Report the lines of the data below that contain the string "label".

§ §

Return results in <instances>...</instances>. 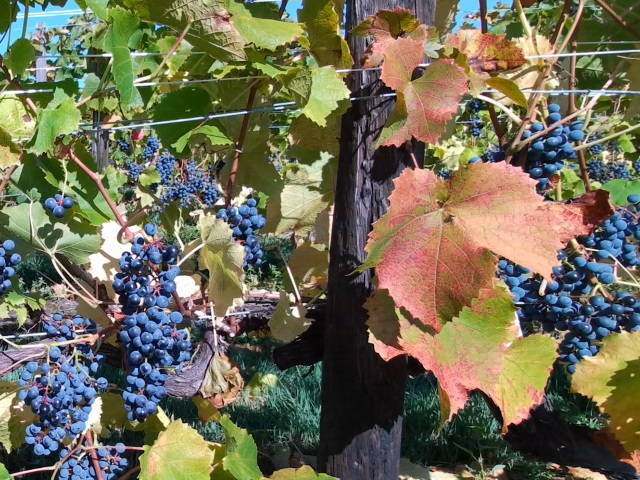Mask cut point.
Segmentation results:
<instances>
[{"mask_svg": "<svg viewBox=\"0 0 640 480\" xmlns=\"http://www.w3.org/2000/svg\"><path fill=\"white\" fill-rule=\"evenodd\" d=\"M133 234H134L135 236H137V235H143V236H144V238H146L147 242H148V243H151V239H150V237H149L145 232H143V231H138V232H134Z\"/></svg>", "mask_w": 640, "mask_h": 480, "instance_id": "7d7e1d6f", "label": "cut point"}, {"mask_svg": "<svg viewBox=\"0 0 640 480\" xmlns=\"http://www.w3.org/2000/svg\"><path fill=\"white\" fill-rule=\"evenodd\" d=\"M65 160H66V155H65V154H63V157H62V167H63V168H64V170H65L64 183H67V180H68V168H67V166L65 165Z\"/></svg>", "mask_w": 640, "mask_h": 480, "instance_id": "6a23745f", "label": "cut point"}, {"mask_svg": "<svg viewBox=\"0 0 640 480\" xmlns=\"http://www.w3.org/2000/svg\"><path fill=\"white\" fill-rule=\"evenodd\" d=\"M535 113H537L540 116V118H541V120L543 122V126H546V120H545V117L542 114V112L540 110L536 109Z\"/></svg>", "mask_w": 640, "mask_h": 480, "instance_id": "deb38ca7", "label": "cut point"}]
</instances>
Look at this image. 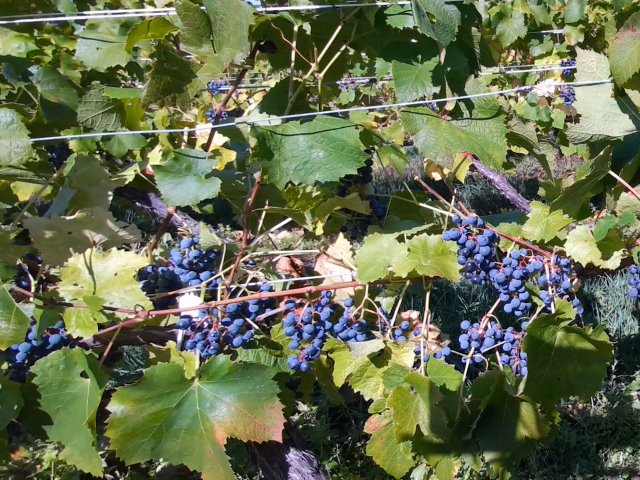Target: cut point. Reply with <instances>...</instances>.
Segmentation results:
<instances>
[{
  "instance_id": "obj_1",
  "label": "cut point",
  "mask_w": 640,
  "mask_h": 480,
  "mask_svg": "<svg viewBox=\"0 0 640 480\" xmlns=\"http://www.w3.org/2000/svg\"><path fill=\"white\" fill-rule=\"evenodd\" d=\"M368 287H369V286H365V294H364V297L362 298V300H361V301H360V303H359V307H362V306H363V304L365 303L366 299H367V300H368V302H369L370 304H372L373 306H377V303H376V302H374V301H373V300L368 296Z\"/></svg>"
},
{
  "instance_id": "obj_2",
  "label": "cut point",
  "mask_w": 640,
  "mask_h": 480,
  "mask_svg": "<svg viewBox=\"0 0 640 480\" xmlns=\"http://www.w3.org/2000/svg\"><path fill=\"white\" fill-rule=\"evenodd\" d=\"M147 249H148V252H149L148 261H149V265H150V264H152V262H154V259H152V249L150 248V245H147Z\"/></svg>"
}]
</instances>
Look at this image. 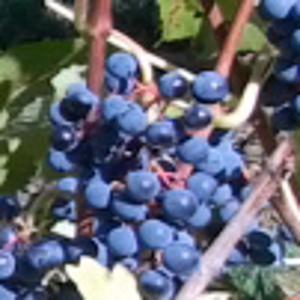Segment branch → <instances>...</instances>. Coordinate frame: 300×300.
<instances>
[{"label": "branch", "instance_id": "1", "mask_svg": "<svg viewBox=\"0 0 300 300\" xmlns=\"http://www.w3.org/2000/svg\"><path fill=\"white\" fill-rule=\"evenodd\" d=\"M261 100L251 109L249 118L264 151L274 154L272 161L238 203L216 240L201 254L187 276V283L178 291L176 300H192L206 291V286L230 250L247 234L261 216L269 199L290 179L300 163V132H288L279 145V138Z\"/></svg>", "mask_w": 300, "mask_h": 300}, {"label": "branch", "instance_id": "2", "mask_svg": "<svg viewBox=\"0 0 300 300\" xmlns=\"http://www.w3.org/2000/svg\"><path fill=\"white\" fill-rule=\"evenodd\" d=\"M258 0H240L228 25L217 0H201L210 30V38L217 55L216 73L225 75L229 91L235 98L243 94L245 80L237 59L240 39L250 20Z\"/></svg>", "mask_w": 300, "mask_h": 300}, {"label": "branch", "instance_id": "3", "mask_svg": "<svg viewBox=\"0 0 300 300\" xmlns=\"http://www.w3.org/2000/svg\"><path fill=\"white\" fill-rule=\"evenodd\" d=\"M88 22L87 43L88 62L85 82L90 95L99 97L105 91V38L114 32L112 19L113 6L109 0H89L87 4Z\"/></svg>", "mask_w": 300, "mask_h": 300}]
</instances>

§ §

• **SOLUTION**:
[{"mask_svg": "<svg viewBox=\"0 0 640 480\" xmlns=\"http://www.w3.org/2000/svg\"><path fill=\"white\" fill-rule=\"evenodd\" d=\"M133 234H134L135 236H137V235H143V236H144V238H146L147 242H148V243H151V239H150V237H149L145 232H143V231H138V232H134Z\"/></svg>", "mask_w": 640, "mask_h": 480, "instance_id": "7d7e1d6f", "label": "cut point"}, {"mask_svg": "<svg viewBox=\"0 0 640 480\" xmlns=\"http://www.w3.org/2000/svg\"><path fill=\"white\" fill-rule=\"evenodd\" d=\"M65 160H66V155H65V154H63V157H62V167H63V168H64V170H65L64 183H67V180H68V168H67V166L65 165Z\"/></svg>", "mask_w": 640, "mask_h": 480, "instance_id": "6a23745f", "label": "cut point"}, {"mask_svg": "<svg viewBox=\"0 0 640 480\" xmlns=\"http://www.w3.org/2000/svg\"><path fill=\"white\" fill-rule=\"evenodd\" d=\"M535 113H537L540 116V118H541V120L543 122V126H546V120H545V117L542 114V112L540 110L536 109Z\"/></svg>", "mask_w": 640, "mask_h": 480, "instance_id": "deb38ca7", "label": "cut point"}]
  "label": "cut point",
  "label": "cut point",
[{"label": "branch", "instance_id": "1", "mask_svg": "<svg viewBox=\"0 0 300 300\" xmlns=\"http://www.w3.org/2000/svg\"><path fill=\"white\" fill-rule=\"evenodd\" d=\"M261 100L251 109L249 118L264 151L274 154L272 161L238 203L216 240L201 254L187 276V283L178 291L176 300H192L206 291V286L230 250L247 234L261 216L269 199L290 179L300 163V132H288L279 145V138Z\"/></svg>", "mask_w": 300, "mask_h": 300}, {"label": "branch", "instance_id": "2", "mask_svg": "<svg viewBox=\"0 0 300 300\" xmlns=\"http://www.w3.org/2000/svg\"><path fill=\"white\" fill-rule=\"evenodd\" d=\"M258 0H240L228 25L217 0H201L210 30V38L217 55L216 73L225 75L229 91L235 98L243 94L245 80L237 59L240 39L250 20Z\"/></svg>", "mask_w": 300, "mask_h": 300}, {"label": "branch", "instance_id": "3", "mask_svg": "<svg viewBox=\"0 0 300 300\" xmlns=\"http://www.w3.org/2000/svg\"><path fill=\"white\" fill-rule=\"evenodd\" d=\"M88 22L87 43L88 62L85 82L90 95L99 97L105 91V38L114 32L112 19L113 6L109 0H89L87 4Z\"/></svg>", "mask_w": 300, "mask_h": 300}]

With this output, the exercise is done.